To achieve this, we added a new RDS Custom Cluster endpoint (blue-green) pointing to the application readers, either blue or green and a custom endpoint for the Hadoop HDFS instance. At any given time there is one active group color (blue or green) and the traffic is routed to this group via the blue-green cluster endpoint, except for when we need to scale. When this time comes, we add instances to the inactive group color which are also added automatically to the blue-green cluster endpoint and serve some of the traffic. Then, we swap the groups by deactivating the old color and activating the new one which triggers the removal of the old color DB instances and the Writer Failover to a new color DB instance (which incurs around 30 seconds of downtime for the writer).

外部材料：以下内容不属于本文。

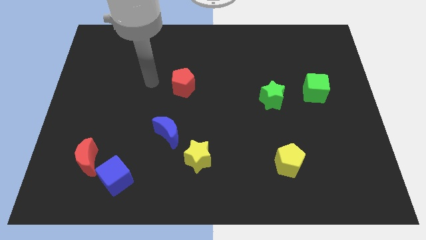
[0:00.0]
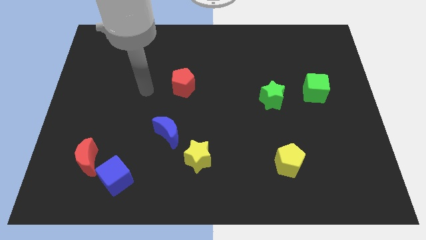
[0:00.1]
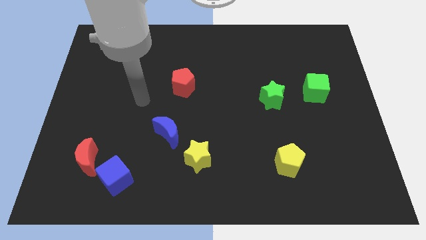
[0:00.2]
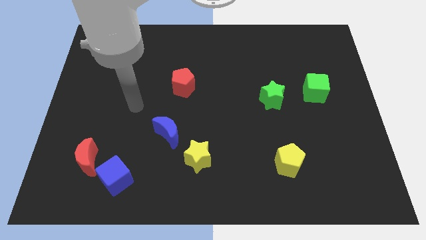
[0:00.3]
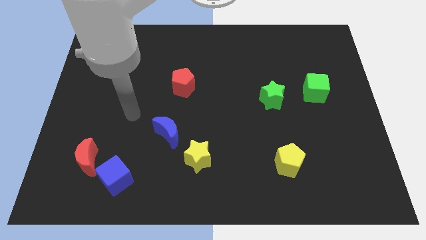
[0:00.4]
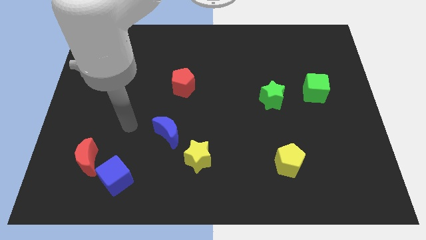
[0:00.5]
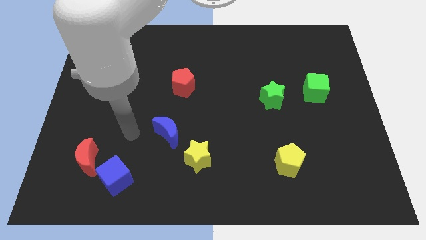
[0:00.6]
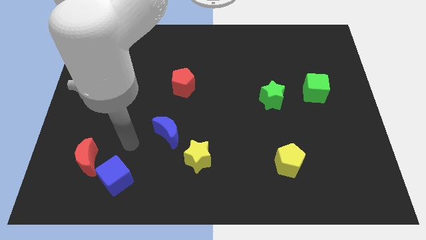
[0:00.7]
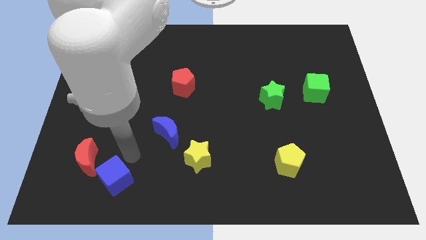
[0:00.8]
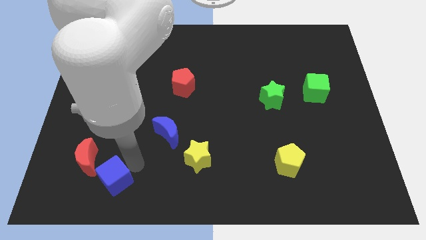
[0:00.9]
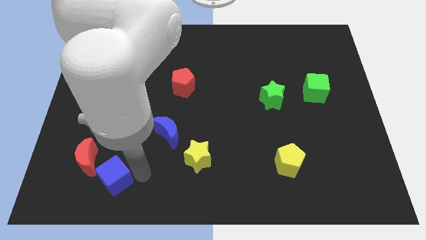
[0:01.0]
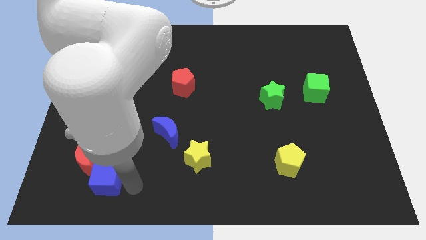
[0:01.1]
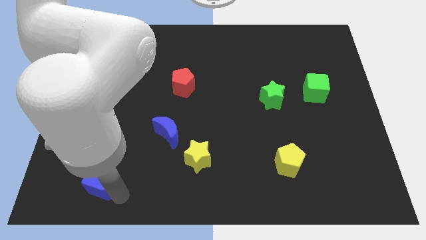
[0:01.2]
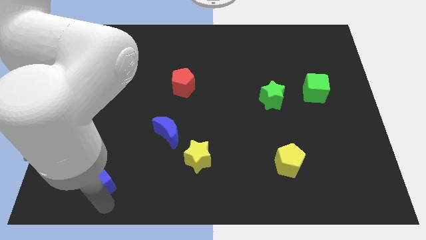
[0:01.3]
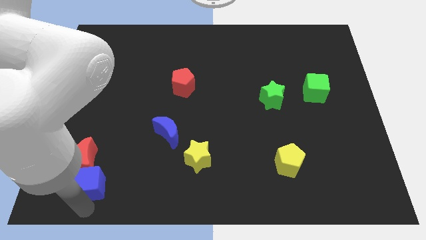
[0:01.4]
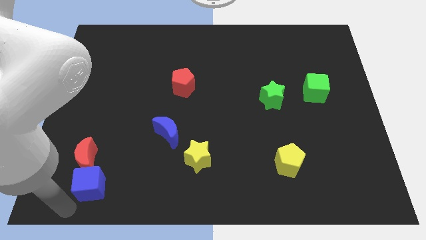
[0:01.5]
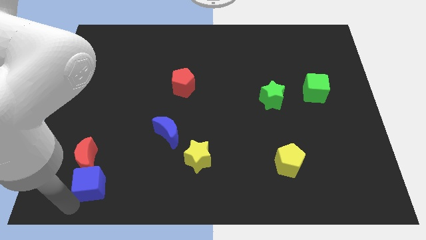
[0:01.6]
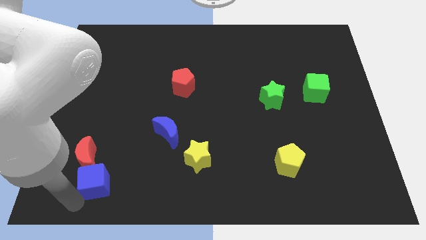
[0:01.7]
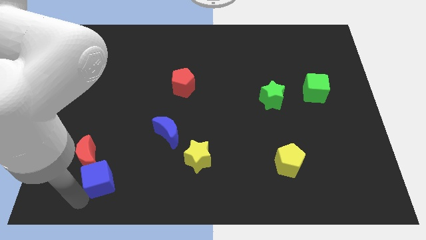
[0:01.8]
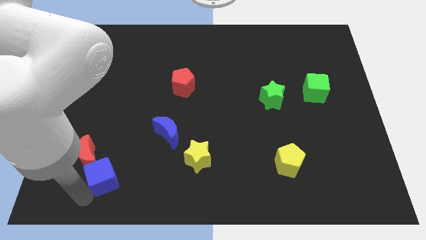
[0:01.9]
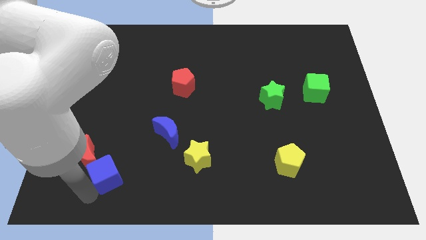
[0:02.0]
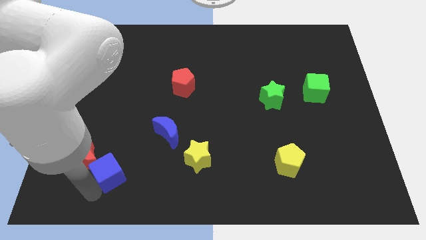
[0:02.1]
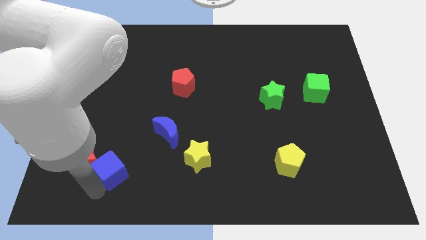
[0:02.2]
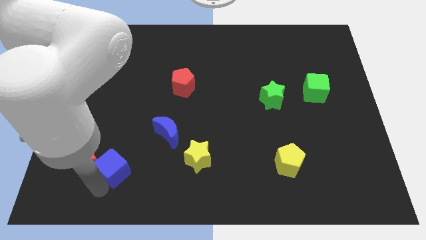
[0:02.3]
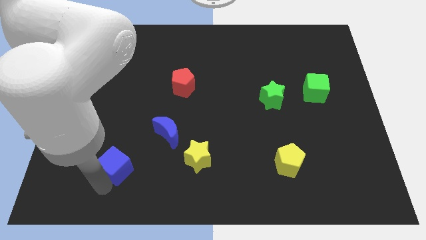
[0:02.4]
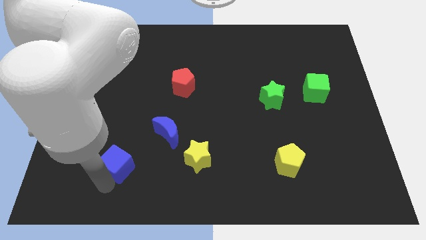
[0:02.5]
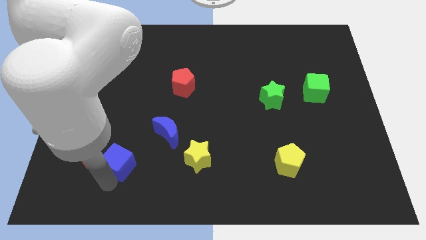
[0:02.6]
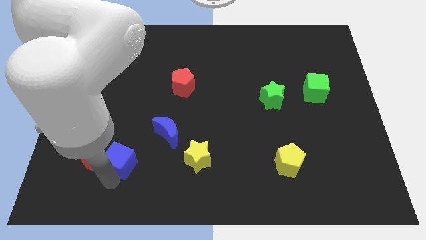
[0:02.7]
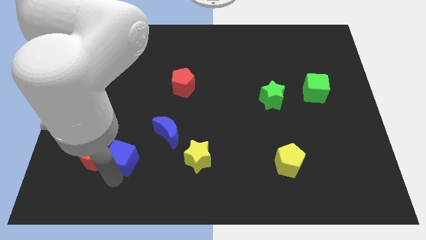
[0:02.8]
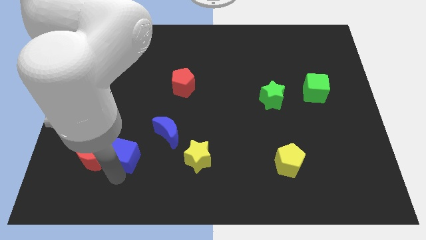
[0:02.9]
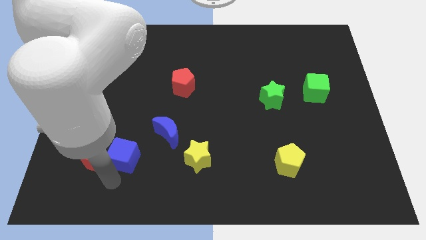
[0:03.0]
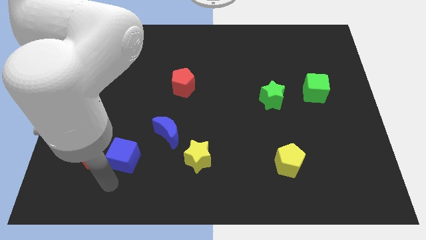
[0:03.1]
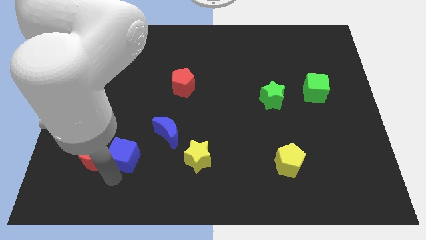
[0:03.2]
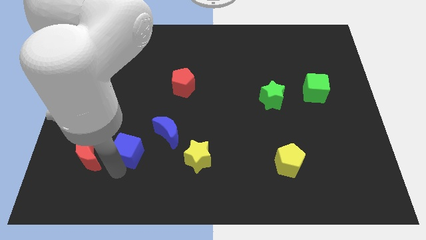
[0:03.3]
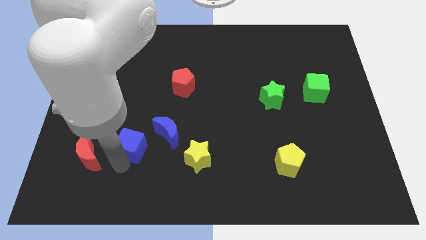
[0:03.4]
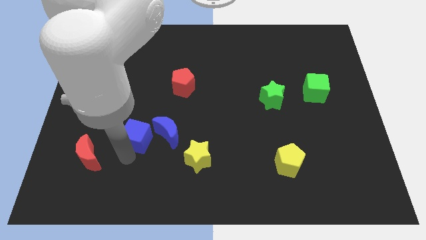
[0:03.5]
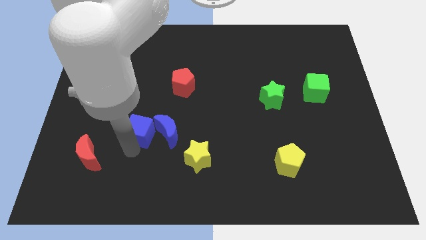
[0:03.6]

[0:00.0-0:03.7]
push the blue cube to the top left of the blue moon

为实现此目的，我们添加了一个新的RDS自定义集群端点(蓝绿色)，指向应用程序读取器(蓝色或绿色)以及一个Hadoop HDFS实例的自定义端点。在任何给定时间，都有一个活动的组颜色(蓝色或绿色)，流量通过蓝绿色群集端点路由到该组，除非需要扩展。到了这个时候，我们将实例添加到不活动的组颜色中，这些实例也会自动添加到蓝绿色集群端点中，并提供一些流量。然后，我们通过停用旧颜色并激活新颜色来交换组，这会触发旧颜色数据库实例的删除和Writer Failover到新的颜色数据库实例的转移(这会导致写入者大约30秒钟的停机时间)。

接下来呢？ (Where next?)

Let’s recap our achievements:

让我们回顾一下我们的成就：

We made it possible to use AWS Autoscaling Mechanism by tweaking the custom expressions that CloudWatch alarms use to trigger the Autoscaling, leaving room for our on-call Engineers to enjoy a good night’s sleep
通过调整CloudWatch警报用于触发自动缩放的自定义表达式，我们可以使用AWS自动缩放机制，从而为我们的值班工程师留出充足的睡眠
Blue-Green deployments on Aurora Clusters made it effortless to change our clusters’ instance types.
Aurora群集上的蓝绿色部署使更改群集实例类型变得毫不费力。

Of course, there is still room for improvement on our Aurora Clusters when it comes to Autoscaling. As a next step, we want to try to swap the StepScalingPolicy with the TargetTrackingPolicy which is more dynamic. We also look forward to the PredictiveScaling becoming available for the RDS. This will allow RDS to use historic data and add instances to the cluster moments before the traffic kicks in.

当然，在自动缩放方面，我们的Aurora群集仍有改进的空间。下一步，我们想尝试将StepScalingPolicy与更具动态性的TargetTrackingPolicy交换。我们也期待PredictiveScaling可用于RDS。这将允许RDS使用历史数据，并在流量开始之前将实例添加到群集时刻。

Read more articles by the Beat DevOps team.

阅读 Beat BeatOps团队的 更多文章 。

To join us on the ride, check out all our open positions and apply.

要加入我们的行列， 请查看我们所有的空缺职位 并申请。

About AlexisAlexis Polyzos is a DevOps Engineer and a member of the DevOps Group at Beat. He is passionate about new technologies and how they can be used to build reliable, scalable, and highly available systems.

关于Alexis Alexis Polyzos是DevOps工程师，也是Beat的DevOps集团的成员。他对新技术以及如何将其用于构建可靠，可扩展且高度可用的系统充满热情。